BEGIN
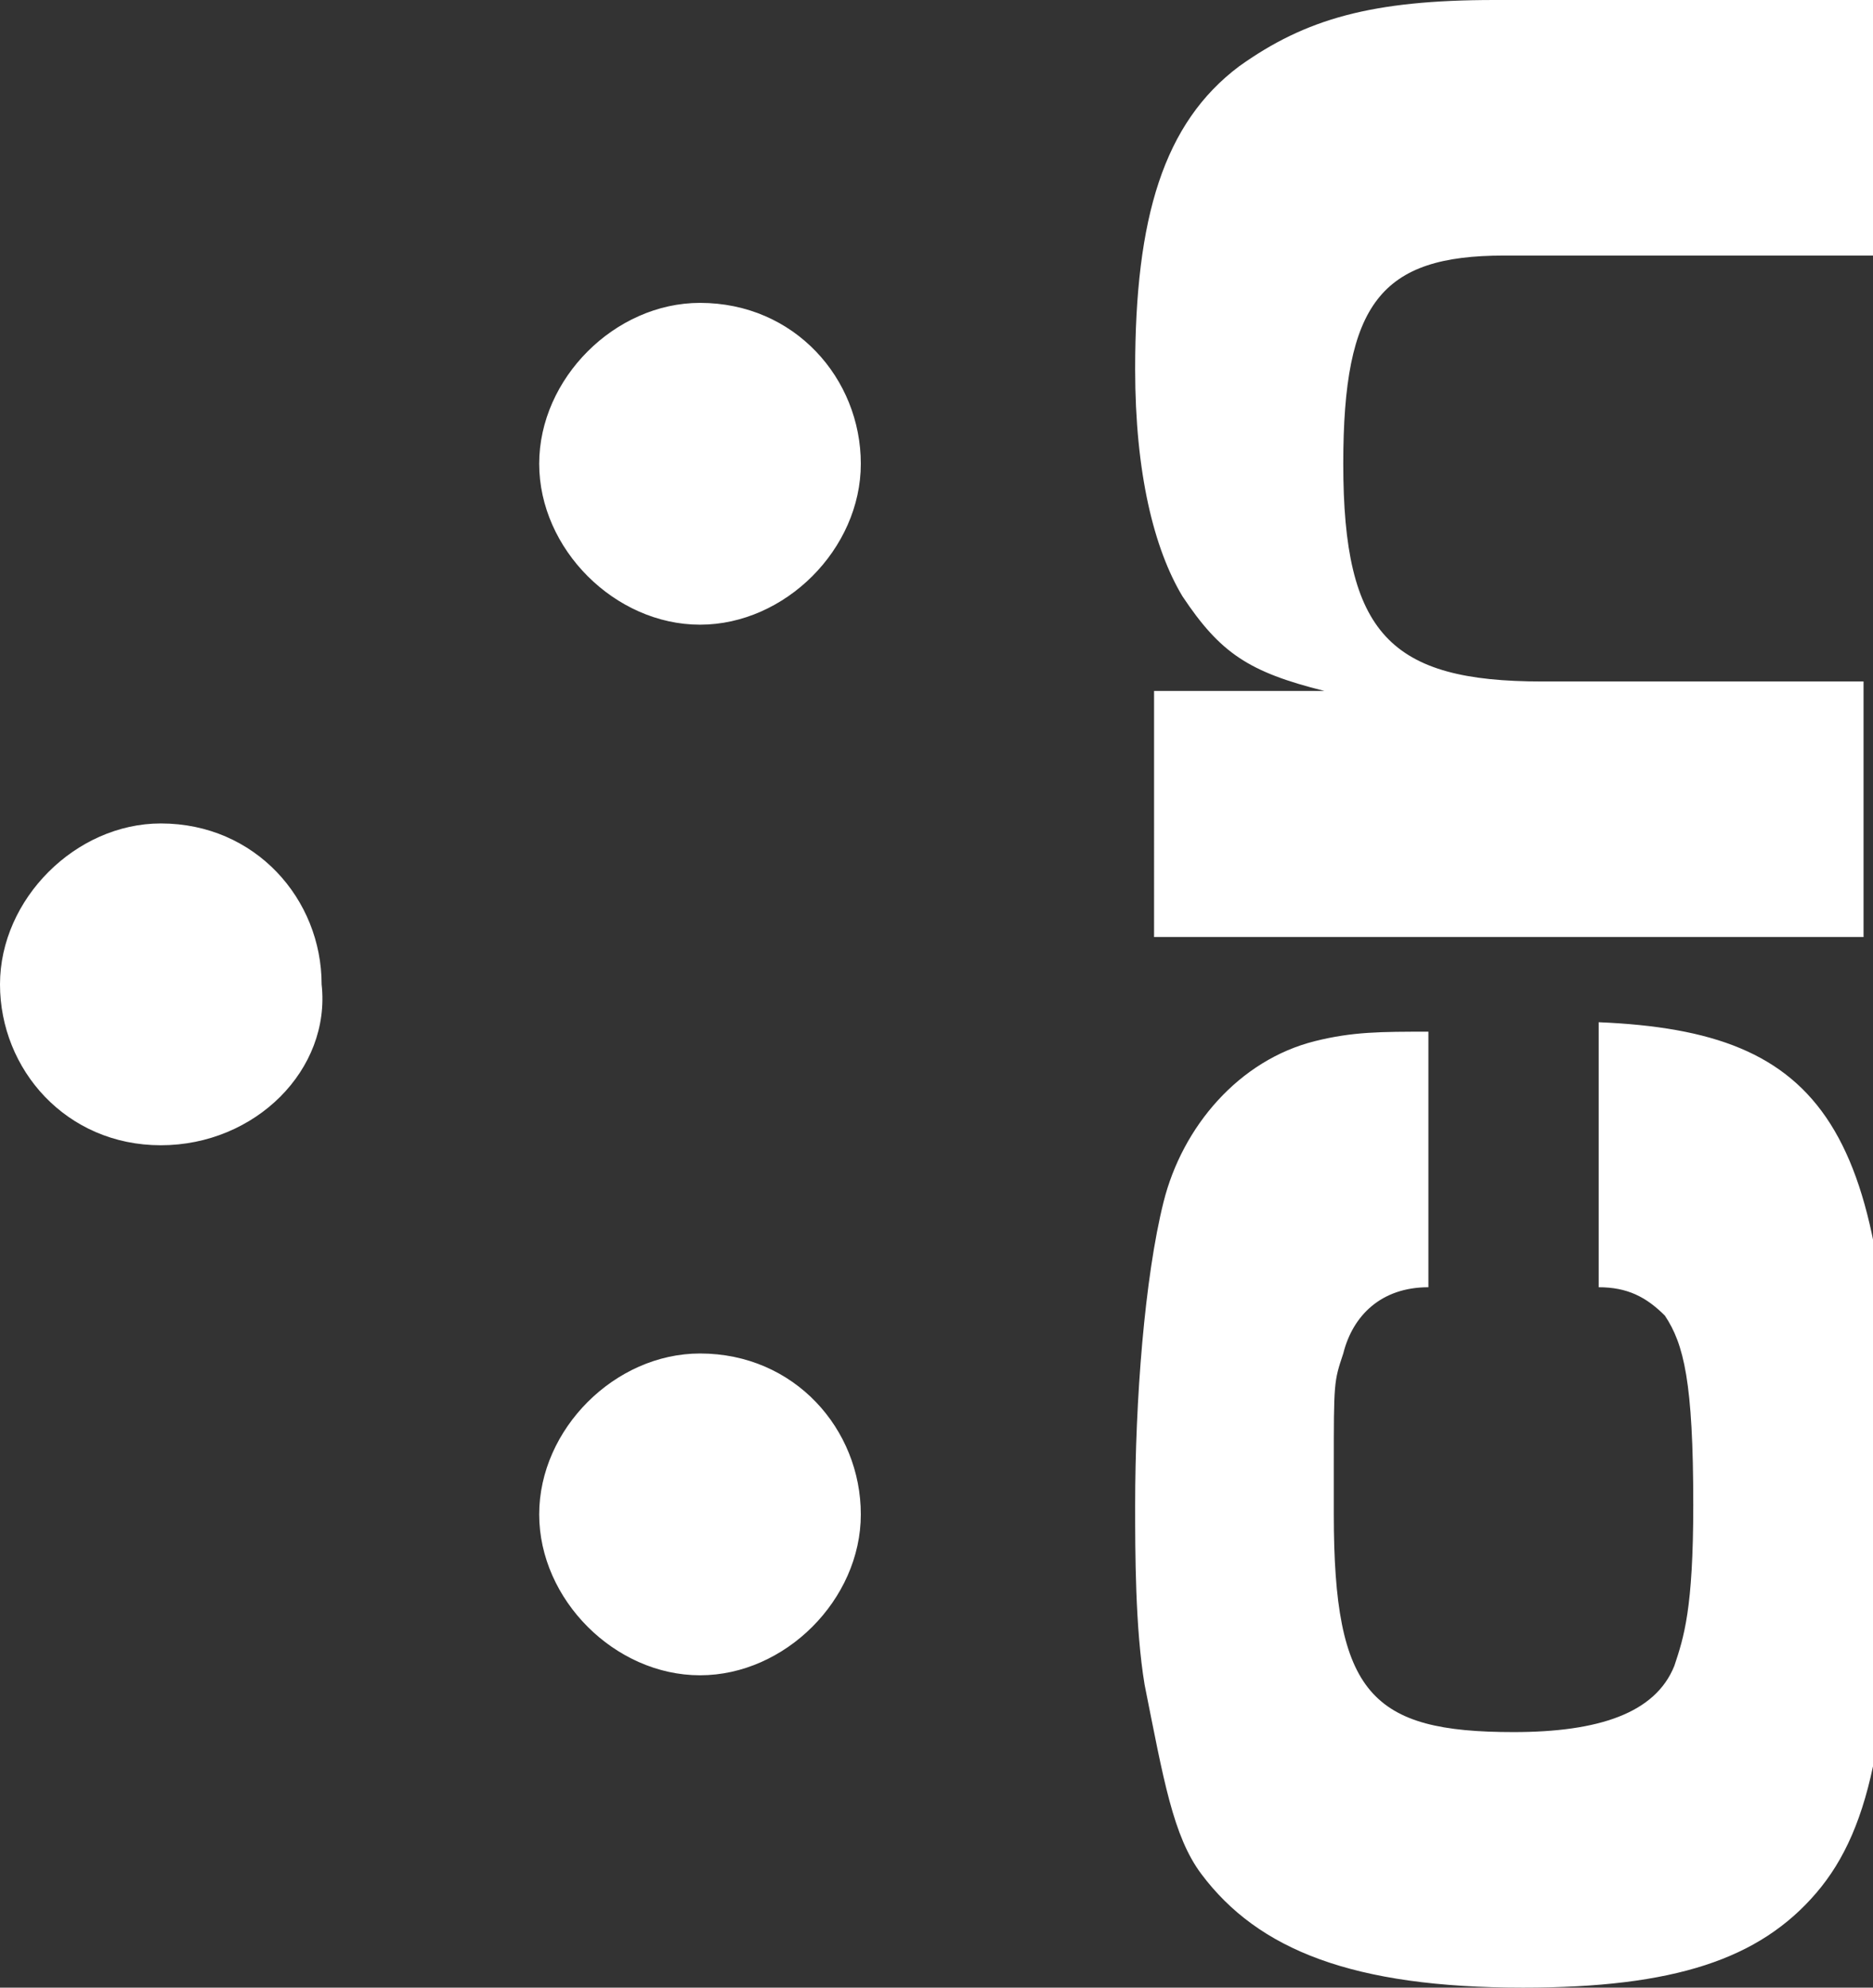 <?xml version="1.0" encoding="utf-8"?>
<!-- Generator: Adobe Illustrator 19.0.0, SVG Export Plug-In . SVG Version: 6.00 Build 0)  -->
<svg version="1.1" id="Layer_1" xmlns="http://www.w3.org/2000/svg" xmlns:xlink="http://www.w3.org/1999/xlink" x="0px" y="0px"
	 viewBox="0 0 19.8 21" style="enable-background:new 0 0 19.8 21;" xml:space="preserve">
<rect x="0" y="0" width="19.8" height="21" fill="#333333" stroke="none"/>
<style type="text/css">
	.st0{fill:#FFFFFF;}
</style>
<path class="st0" d="M5.7,4.9c0-0.9,0.8-1.7,1.7-1.7c1,0,1.7,0.8,1.7,1.7c0,0.9-0.8,1.7-1.7,1.7C6.5,6.6,5.7,5.8,5.7,4.9z M5.7,16
	c0-0.9,0.8-1.7,1.7-1.7c1,0,1.7,0.8,1.7,1.7c0,0.9-0.8,1.7-1.7,1.7C6.5,17.7,5.7,16.9,5.7,16z M20,15.8c0,2.4-0.2,3.5-0.8,4.2
	c-0.6,0.7-1.5,1-3.1,1c-1.8,0-2.8-0.4-3.4-1.2c-0.3-0.4-0.4-1-0.6-2c-0.1-0.6-0.1-1.4-0.1-1.9c0-1.1,0.1-2.4,0.3-3.2
	c0.2-0.8,0.8-1.5,1.6-1.7c0.4-0.1,0.7-0.1,1.2-0.1v2.7c-0.5,0-0.8,0.3-0.9,0.7c-0.1,0.3-0.1,0.3-0.1,1.2c0,0.2,0,0.2,0,0.5
	c0,1.9,0.4,2.3,1.9,2.3c0.9,0,1.5-0.2,1.7-0.7c0.1-0.3,0.2-0.6,0.2-1.7c0-1.3-0.1-1.7-0.3-2c-0.2-0.2-0.4-0.3-0.7-0.3v-2.8
	C19.3,10.9,20,11.9,20,15.8z M1.7,12.1c-1,0-1.7-0.8-1.7-1.7c0-0.9,0.8-1.7,1.7-1.7c1,0,1.7,0.8,1.7,1.7C3.5,11.3,2.7,12.1,1.7,12.1
	z M19.8,0v2.7h-3.9c-1.3,0-1.7,0.5-1.7,2.2c0,1.8,0.5,2.3,2.1,2.3h3.4v2.7h-7.5V7.3H14c-0.8-0.2-1.1-0.4-1.5-1
	c-0.3-0.5-0.5-1.3-0.5-2.4c0-1.6,0.3-2.6,1.1-3.2C13.8,0.2,14.5,0,15.8,0H19.8z"/>
</svg>
END
## EXERCISE AIM
Wherever the word "style" occurs in the data, copy that whole line.

## ANSWER FOR THE TASK
	 viewBox="0 0 19.8 21" style="enable-background:new 0 0 19.8 21;" xml:space="preserve">
<style type="text/css">
</style>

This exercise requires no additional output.